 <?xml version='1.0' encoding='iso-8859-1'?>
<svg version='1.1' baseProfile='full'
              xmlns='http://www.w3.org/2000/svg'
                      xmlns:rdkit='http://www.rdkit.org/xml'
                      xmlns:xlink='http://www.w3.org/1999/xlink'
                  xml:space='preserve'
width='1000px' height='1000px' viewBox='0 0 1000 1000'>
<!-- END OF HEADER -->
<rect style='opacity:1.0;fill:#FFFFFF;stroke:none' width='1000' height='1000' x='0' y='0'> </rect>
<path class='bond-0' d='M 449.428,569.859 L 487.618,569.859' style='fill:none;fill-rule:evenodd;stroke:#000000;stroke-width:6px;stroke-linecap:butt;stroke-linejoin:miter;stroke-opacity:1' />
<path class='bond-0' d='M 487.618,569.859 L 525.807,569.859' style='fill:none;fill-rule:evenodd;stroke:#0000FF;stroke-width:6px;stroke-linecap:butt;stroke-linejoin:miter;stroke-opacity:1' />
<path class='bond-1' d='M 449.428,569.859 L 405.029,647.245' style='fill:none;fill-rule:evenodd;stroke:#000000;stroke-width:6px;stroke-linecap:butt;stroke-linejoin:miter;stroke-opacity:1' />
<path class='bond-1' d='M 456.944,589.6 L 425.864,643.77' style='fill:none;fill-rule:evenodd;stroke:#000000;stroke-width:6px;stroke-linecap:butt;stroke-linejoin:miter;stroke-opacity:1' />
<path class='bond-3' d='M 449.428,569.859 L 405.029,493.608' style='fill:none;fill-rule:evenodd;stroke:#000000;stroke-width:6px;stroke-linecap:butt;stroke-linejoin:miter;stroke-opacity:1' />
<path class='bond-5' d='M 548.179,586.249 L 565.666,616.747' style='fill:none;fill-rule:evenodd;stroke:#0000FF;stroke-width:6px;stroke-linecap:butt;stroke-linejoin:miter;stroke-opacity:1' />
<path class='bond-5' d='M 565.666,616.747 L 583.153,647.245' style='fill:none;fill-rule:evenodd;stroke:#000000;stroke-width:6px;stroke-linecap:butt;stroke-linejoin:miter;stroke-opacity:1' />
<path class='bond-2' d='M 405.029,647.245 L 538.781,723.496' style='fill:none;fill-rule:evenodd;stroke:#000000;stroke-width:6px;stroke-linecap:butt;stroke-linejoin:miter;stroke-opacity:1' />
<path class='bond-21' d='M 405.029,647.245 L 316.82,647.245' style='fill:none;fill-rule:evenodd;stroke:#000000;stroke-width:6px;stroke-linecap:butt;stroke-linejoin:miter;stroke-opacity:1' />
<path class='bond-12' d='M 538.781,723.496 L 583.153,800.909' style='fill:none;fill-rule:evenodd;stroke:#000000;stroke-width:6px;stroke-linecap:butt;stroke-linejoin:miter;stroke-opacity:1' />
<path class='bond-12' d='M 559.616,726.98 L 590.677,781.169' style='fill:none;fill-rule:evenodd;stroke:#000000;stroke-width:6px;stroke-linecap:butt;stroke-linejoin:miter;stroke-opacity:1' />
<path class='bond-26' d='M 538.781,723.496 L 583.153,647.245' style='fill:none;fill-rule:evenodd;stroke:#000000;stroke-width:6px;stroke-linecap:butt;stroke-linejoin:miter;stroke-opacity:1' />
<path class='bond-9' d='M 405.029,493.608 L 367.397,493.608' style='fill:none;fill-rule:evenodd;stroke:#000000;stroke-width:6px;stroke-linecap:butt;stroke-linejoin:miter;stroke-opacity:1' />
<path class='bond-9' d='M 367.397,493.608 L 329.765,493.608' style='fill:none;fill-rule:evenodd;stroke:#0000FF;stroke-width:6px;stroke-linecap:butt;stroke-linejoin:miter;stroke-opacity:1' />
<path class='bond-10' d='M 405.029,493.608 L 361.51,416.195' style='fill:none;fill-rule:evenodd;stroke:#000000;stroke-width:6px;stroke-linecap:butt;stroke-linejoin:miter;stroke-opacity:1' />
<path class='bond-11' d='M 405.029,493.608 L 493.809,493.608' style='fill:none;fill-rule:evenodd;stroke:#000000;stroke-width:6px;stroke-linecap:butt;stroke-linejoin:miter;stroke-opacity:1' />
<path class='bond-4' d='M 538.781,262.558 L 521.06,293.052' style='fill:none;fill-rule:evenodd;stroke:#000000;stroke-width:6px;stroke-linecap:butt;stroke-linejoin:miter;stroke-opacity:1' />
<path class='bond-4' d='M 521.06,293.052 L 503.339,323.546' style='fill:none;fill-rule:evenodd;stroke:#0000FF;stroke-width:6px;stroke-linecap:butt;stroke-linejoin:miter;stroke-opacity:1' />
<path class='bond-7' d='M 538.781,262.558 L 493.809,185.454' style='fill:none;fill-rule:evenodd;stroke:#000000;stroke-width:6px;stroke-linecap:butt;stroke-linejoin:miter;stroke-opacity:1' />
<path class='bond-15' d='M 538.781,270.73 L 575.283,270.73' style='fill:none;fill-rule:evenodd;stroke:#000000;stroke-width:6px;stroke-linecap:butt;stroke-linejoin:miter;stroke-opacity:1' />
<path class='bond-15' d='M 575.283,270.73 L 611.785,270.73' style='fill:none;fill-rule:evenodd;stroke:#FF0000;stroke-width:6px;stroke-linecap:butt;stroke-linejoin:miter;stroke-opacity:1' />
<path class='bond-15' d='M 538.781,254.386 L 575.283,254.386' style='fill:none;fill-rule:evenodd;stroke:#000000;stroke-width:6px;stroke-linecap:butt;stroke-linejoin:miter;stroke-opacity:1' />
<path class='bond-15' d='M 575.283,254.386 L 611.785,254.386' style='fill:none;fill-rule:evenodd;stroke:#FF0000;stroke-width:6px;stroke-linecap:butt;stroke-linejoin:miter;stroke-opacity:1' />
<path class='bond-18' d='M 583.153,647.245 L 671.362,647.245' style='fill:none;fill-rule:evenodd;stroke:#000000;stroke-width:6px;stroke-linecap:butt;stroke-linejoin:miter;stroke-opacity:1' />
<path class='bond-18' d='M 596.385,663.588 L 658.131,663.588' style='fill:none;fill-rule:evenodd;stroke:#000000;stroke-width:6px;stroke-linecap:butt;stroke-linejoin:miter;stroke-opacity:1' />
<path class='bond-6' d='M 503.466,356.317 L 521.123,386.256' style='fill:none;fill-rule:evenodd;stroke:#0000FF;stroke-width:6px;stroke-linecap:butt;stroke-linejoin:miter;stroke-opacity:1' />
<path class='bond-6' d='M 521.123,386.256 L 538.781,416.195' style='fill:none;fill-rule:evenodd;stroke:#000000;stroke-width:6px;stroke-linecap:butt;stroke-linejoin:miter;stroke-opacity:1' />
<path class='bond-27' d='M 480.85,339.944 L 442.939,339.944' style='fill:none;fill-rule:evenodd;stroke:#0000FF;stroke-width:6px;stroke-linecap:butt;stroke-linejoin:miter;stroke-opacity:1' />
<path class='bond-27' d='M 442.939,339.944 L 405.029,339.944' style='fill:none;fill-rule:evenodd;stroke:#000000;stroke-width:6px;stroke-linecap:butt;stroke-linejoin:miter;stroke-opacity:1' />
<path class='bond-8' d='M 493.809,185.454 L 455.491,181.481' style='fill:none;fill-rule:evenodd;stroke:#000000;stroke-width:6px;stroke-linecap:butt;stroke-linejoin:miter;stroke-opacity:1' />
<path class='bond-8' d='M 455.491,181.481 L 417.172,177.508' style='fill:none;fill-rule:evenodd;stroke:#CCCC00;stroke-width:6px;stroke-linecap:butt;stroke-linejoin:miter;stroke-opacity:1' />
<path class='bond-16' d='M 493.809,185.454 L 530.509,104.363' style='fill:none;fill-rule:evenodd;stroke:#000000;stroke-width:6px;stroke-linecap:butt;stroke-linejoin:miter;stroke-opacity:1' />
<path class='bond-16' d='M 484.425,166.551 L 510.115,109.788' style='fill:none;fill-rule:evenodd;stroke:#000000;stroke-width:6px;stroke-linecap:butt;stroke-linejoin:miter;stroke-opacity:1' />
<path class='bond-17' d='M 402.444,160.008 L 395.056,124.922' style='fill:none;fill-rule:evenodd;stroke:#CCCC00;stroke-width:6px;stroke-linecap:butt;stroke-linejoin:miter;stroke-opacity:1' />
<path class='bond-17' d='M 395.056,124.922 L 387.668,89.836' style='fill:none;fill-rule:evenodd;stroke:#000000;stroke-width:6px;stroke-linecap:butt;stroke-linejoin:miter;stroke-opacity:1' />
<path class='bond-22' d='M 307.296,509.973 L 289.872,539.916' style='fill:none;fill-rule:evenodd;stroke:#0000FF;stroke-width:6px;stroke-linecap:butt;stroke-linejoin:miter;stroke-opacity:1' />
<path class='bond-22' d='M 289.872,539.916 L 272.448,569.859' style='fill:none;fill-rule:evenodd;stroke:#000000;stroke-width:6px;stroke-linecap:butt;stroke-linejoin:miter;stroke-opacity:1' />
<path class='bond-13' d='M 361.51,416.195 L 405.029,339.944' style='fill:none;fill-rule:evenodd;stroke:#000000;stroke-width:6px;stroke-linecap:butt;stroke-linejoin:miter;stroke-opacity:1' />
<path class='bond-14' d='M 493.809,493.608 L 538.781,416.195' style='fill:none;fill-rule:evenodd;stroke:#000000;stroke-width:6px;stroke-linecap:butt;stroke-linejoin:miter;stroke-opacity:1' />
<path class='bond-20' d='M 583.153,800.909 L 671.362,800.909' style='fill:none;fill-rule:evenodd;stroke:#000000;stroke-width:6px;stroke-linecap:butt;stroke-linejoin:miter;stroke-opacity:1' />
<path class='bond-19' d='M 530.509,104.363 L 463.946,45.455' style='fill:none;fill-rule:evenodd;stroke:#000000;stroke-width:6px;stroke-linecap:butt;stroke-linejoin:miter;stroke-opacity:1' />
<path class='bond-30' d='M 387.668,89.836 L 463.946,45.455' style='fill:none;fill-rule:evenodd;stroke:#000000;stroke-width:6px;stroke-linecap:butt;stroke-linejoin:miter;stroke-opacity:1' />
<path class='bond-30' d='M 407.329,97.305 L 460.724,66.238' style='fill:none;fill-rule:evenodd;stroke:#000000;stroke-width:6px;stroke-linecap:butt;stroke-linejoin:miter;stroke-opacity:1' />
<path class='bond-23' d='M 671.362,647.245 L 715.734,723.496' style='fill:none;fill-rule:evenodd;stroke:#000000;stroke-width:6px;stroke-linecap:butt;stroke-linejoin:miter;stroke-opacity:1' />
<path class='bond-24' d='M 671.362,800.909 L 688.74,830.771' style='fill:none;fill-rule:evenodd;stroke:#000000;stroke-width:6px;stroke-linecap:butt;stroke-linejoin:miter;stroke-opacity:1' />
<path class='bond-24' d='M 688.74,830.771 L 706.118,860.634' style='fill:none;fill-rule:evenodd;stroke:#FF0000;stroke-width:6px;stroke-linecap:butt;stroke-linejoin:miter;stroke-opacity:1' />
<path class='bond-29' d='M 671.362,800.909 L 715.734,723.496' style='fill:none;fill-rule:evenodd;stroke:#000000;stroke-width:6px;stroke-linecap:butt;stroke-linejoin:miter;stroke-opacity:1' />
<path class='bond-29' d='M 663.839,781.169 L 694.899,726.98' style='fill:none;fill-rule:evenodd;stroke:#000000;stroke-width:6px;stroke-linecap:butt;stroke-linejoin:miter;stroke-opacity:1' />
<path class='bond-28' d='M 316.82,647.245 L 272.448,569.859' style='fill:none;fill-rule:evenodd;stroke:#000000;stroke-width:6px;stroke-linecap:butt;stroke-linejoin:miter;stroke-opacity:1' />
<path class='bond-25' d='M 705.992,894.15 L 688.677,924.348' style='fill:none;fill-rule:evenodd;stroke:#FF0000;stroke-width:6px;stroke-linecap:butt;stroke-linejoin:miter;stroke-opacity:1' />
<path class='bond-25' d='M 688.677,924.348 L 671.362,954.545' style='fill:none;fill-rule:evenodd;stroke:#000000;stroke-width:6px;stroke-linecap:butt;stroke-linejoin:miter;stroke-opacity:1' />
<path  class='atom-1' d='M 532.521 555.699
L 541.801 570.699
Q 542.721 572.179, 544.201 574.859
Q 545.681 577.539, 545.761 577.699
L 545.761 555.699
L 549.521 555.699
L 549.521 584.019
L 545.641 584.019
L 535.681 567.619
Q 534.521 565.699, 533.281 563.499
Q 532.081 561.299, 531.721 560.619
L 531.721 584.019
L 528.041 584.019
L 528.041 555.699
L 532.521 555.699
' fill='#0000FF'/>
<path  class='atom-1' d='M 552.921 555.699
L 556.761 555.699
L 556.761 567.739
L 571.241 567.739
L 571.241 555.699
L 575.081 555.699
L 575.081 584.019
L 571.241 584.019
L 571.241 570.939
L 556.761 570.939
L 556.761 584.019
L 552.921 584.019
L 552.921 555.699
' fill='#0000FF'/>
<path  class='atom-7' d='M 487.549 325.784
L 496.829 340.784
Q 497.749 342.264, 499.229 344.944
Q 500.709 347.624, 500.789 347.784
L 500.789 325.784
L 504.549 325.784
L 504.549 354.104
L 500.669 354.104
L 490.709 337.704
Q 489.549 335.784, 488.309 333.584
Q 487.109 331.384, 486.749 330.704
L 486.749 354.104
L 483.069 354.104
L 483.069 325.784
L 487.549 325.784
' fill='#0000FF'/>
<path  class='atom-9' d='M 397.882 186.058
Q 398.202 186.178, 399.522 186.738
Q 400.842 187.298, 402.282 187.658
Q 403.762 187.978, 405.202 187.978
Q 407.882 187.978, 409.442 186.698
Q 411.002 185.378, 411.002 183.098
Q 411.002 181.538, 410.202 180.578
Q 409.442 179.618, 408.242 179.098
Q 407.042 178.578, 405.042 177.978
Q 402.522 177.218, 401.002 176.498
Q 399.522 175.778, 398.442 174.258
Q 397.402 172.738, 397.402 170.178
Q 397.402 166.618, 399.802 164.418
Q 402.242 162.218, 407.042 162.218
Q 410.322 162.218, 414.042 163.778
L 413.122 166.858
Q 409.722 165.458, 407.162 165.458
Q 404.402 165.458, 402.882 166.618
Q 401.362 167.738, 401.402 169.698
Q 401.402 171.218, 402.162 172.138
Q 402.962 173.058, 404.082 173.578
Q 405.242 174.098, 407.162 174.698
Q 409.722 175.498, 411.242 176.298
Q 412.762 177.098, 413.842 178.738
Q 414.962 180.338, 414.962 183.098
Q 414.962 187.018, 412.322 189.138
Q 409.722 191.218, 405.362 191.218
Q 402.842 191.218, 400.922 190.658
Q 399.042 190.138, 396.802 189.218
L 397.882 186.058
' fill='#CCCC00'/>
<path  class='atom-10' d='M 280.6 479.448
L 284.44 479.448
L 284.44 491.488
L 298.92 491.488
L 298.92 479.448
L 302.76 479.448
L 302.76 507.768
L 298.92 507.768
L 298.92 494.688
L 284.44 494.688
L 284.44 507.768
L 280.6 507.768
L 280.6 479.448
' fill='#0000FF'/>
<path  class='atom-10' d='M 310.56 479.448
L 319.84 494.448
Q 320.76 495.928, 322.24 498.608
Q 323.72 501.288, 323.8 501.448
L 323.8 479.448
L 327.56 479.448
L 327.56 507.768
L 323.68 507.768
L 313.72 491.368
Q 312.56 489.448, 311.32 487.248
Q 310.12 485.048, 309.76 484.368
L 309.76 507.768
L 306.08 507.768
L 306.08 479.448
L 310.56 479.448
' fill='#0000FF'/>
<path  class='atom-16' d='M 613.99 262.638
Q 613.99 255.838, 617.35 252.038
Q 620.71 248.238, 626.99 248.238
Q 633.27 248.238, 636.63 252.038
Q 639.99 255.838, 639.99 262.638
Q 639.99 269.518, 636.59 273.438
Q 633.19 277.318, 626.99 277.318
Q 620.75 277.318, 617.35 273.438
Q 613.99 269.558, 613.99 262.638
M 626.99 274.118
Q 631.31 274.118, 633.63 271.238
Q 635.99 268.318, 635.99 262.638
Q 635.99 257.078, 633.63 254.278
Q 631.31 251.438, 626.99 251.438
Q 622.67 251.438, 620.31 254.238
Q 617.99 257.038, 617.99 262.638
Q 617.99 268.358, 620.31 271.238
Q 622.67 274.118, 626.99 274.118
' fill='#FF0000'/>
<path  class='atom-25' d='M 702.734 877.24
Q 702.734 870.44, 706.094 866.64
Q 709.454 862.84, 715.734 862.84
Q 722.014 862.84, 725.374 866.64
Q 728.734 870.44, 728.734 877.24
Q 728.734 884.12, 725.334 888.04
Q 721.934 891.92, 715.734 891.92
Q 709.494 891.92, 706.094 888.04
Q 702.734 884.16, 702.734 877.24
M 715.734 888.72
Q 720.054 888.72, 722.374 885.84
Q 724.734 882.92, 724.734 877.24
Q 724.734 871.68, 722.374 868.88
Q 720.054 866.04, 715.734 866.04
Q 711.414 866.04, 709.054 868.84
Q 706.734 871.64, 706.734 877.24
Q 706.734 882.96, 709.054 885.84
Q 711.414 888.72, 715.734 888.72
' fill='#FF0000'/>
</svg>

● **Required action**:
Reproduce, exactly as they stand in the data above, the lines from the one that holds "xmlns:rdkit='http://www.rdkit.org/xml'" to the one that holds "<rect style='opacity:1.0;fill:#FFFFFF;stroke:none' width='1000'", inclusive.

● **Solution for this exercise**:
                      xmlns:rdkit='http://www.rdkit.org/xml'
                      xmlns:xlink='http://www.w3.org/1999/xlink'
                  xml:space='preserve'
width='1000px' height='1000px' viewBox='0 0 1000 1000'>
<!-- END OF HEADER -->
<rect style='opacity:1.0;fill:#FFFFFF;stroke:none' width='1000' height='1000' x='0' y='0'> </rect>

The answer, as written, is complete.